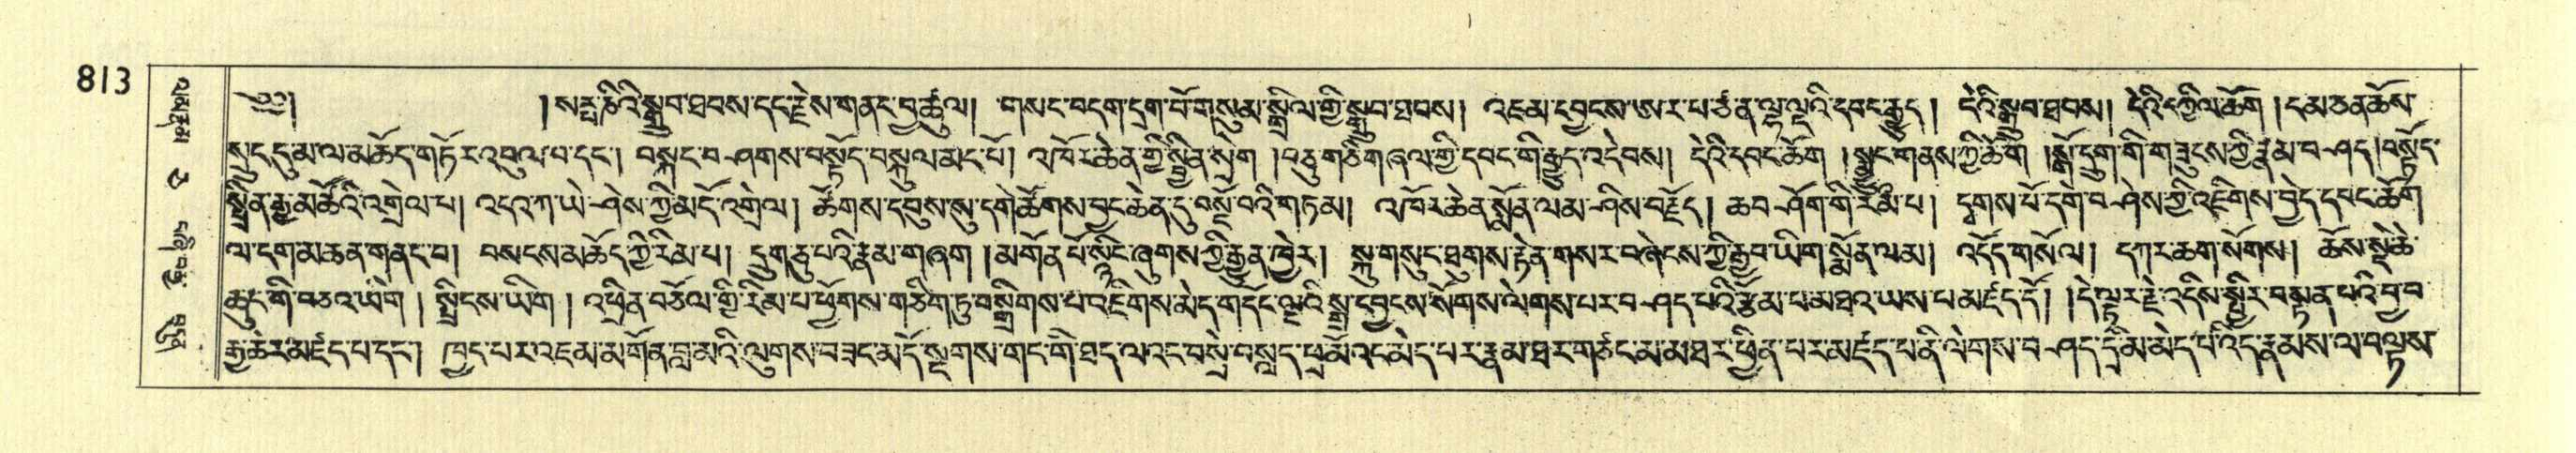༄༅། །སརྤ་ཎིའི་སྒྲུབ་ཐབས་དང་རྗེས་གནང་བྱ་ཚུལ། གསང་བདག་དྲག་པོ་གསུམ་སྒྲིལ་གྱི་སྒྲུབ་ཐབས། འཇམ་དབྱངས་ཨ་ར་པ་ཙ་ན་ལྷ་ལྔའི་དབང་རྒྱུད། དེའི་སྒྲུབ་ཐབས། དེའི་དཀྱིལ་ཆོག །དམ་ཅན་ཆོས་
སྲུང་དུ་མ་ལ་མཆོད་གཏོར་འབུལ་བ་དང་། བསྐང་བཤགས་བསྟོད་བསྐུལ་མང་པོ། འཁོར་ཆེན་གྱི་སྦྱིན་སྲེག །བཅུ་གཅིག་ཞལ་གྱི་དབང་གི་རྒྱུད་འདེབས། དེའི་དབང་ཆོག །སྨྱུང་གནས་ཀྱི་ཆོ་ག །སྒོ་དྲུག་གི་གཟུངས་ཀྱི་རྣམ་བཤད། བསྟོད་
སྤྲིན་རྒྱ་མཚོའི་འགྲེལ་པ། འདའ་ཀ་ཡེ་ཤེས་ཀྱི་མདོ་འགྲེལ། ཚོགས་དབུས་སུ་དགེ་ཚོགས་བྱང་ཆེན་དུ་བསྔོ་བའི་གཏམ། འཁོར་ཆེན་སྨོན་ལམ་ཤིས་བརྗོད། ཆབ་ཤོག་དི་རིམ་པ། དྭགས་པོ་དགེ་བཤེས་ཀྱི་འཇིགས་བྱེད་དབང་ཆོག་
ལ་དག་མཆན་གནང་བ། བསངས་མཆོད་ཀྱི་རིམ་པ། དྲུག་ཅུ་པའི་རྣམ་གཞག །མགོན་པོ་སྙིང་ཞུགས་ཀྱི་རྒྱུན་ཁྱེར། སྐུ་གསུང་ཐུགས་རྟེན་གསར་བཞེངས་ཀྱི་རྒྱབ་ཡིག་སྨོན་ལམ། འདོད་གསོལ། དཀར་ཆག་སོགས། ཆོས་སྡེ་ཆེ་
ཆུང་གི་བཅའ་ཡིག །སྤྲིངས་ཡིག། འཕྲིན་བཅོལ་གྱི་རིམ་པ་ཕྱོགས་གཅིག་ཏུ་བསྒྲིགས་པ་འཇིགས་མེད་གདོང་ལྔའི་སྒྲ་དབྱངས་སོགས་ལེགས་པར་བཤད་པའི་རྩོམ་པ་མཐའ་ཡས་པ་མཛད་དོ། །དེ་ལྟར་རྗེ་འདིས་སྤྱིར་བསྟན་པའི་བྱ་བ་
རྒྱ་ཆེར་མཛད་པ་དང་། ཁྱད་པར་འཇམ་མགོན་བླ་མའི་ལུགས་བཟང་མདོ་སྔགས་གང་གི་ཐད་ལའང་བསྲེ་བསླད་ཕྲ་མོའང་མེད་པར་རྣམ་ཐར་གཙང་མ་མཐར་ཕྱིན་པར་མཛད་པ་ནི་ལེགས་བཤད་དྲི་མ་མེད་པ་འདི་རྣམས་ལ་བལྟས་
+-------+
Starting with the line that holds "དེའི་དབང་ཆོག །སྨྱུང་གནས་ཀྱི་ཆོ་ག །སྒོ་དྲུག་གི་གཟུངས་ཀྱི་རྣམ་བཤད།", copy each remaining line of the listing above exactly, through the last one.

# Answer box:
སྲུང་དུ་མ་ལ་མཆོད་གཏོར་འབུལ་བ་དང་། བསྐང་བཤགས་བསྟོད་བསྐུལ་མང་པོ། འཁོར་ཆེན་གྱི་སྦྱིན་སྲེག །བཅུ་གཅིག་ཞལ་གྱི་དབང་གི་རྒྱུད་འདེབས། དེའི་དབང་ཆོག །སྨྱུང་གནས་ཀྱི་ཆོ་ག །སྒོ་དྲུག་གི་གཟུངས་ཀྱི་རྣམ་བཤད། བསྟོད་
སྤྲིན་རྒྱ་མཚོའི་འགྲེལ་པ། འདའ་ཀ་ཡེ་ཤེས་ཀྱི་མདོ་འགྲེལ། ཚོགས་དབུས་སུ་དགེ་ཚོགས་བྱང་ཆེན་དུ་བསྔོ་བའི་གཏམ། འཁོར་ཆེན་སྨོན་ལམ་ཤིས་བརྗོད། ཆབ་ཤོག་དི་རིམ་པ། དྭགས་པོ་དགེ་བཤེས་ཀྱི་འཇིགས་བྱེད་དབང་ཆོག་
ལ་དག་མཆན་གནང་བ། བསངས་མཆོད་ཀྱི་རིམ་པ། དྲུག་ཅུ་པའི་རྣམ་གཞག །མགོན་པོ་སྙིང་ཞུགས་ཀྱི་རྒྱུན་ཁྱེར། སྐུ་གསུང་ཐུགས་རྟེན་གསར་བཞེངས་ཀྱི་རྒྱབ་ཡིག་སྨོན་ལམ། འདོད་གསོལ། དཀར་ཆག་སོགས། ཆོས་སྡེ་ཆེ་
ཆུང་གི་བཅའ་ཡིག །སྤྲིངས་ཡིག། འཕྲིན་བཅོལ་གྱི་རིམ་པ་ཕྱོགས་གཅིག་ཏུ་བསྒྲིགས་པ་འཇིགས་མེད་གདོང་ལྔའི་སྒྲ་དབྱངས་སོགས་ལེགས་པར་བཤད་པའི་རྩོམ་པ་མཐའ་ཡས་པ་མཛད་དོ། །དེ་ལྟར་རྗེ་འདིས་སྤྱིར་བསྟན་པའི་བྱ་བ་
རྒྱ་ཆེར་མཛད་པ་དང་། ཁྱད་པར་འཇམ་མགོན་བླ་མའི་ལུགས་བཟང་མདོ་སྔགས་གང་གི་ཐད་ལའང་བསྲེ་བསླད་ཕྲ་མོའང་མེད་པར་རྣམ་ཐར་གཙང་མ་མཐར་ཕྱིན་པར་མཛད་པ་ནི་ལེགས་བཤད་དྲི་མ་མེད་པ་འདི་རྣམས་ལ་བལྟས་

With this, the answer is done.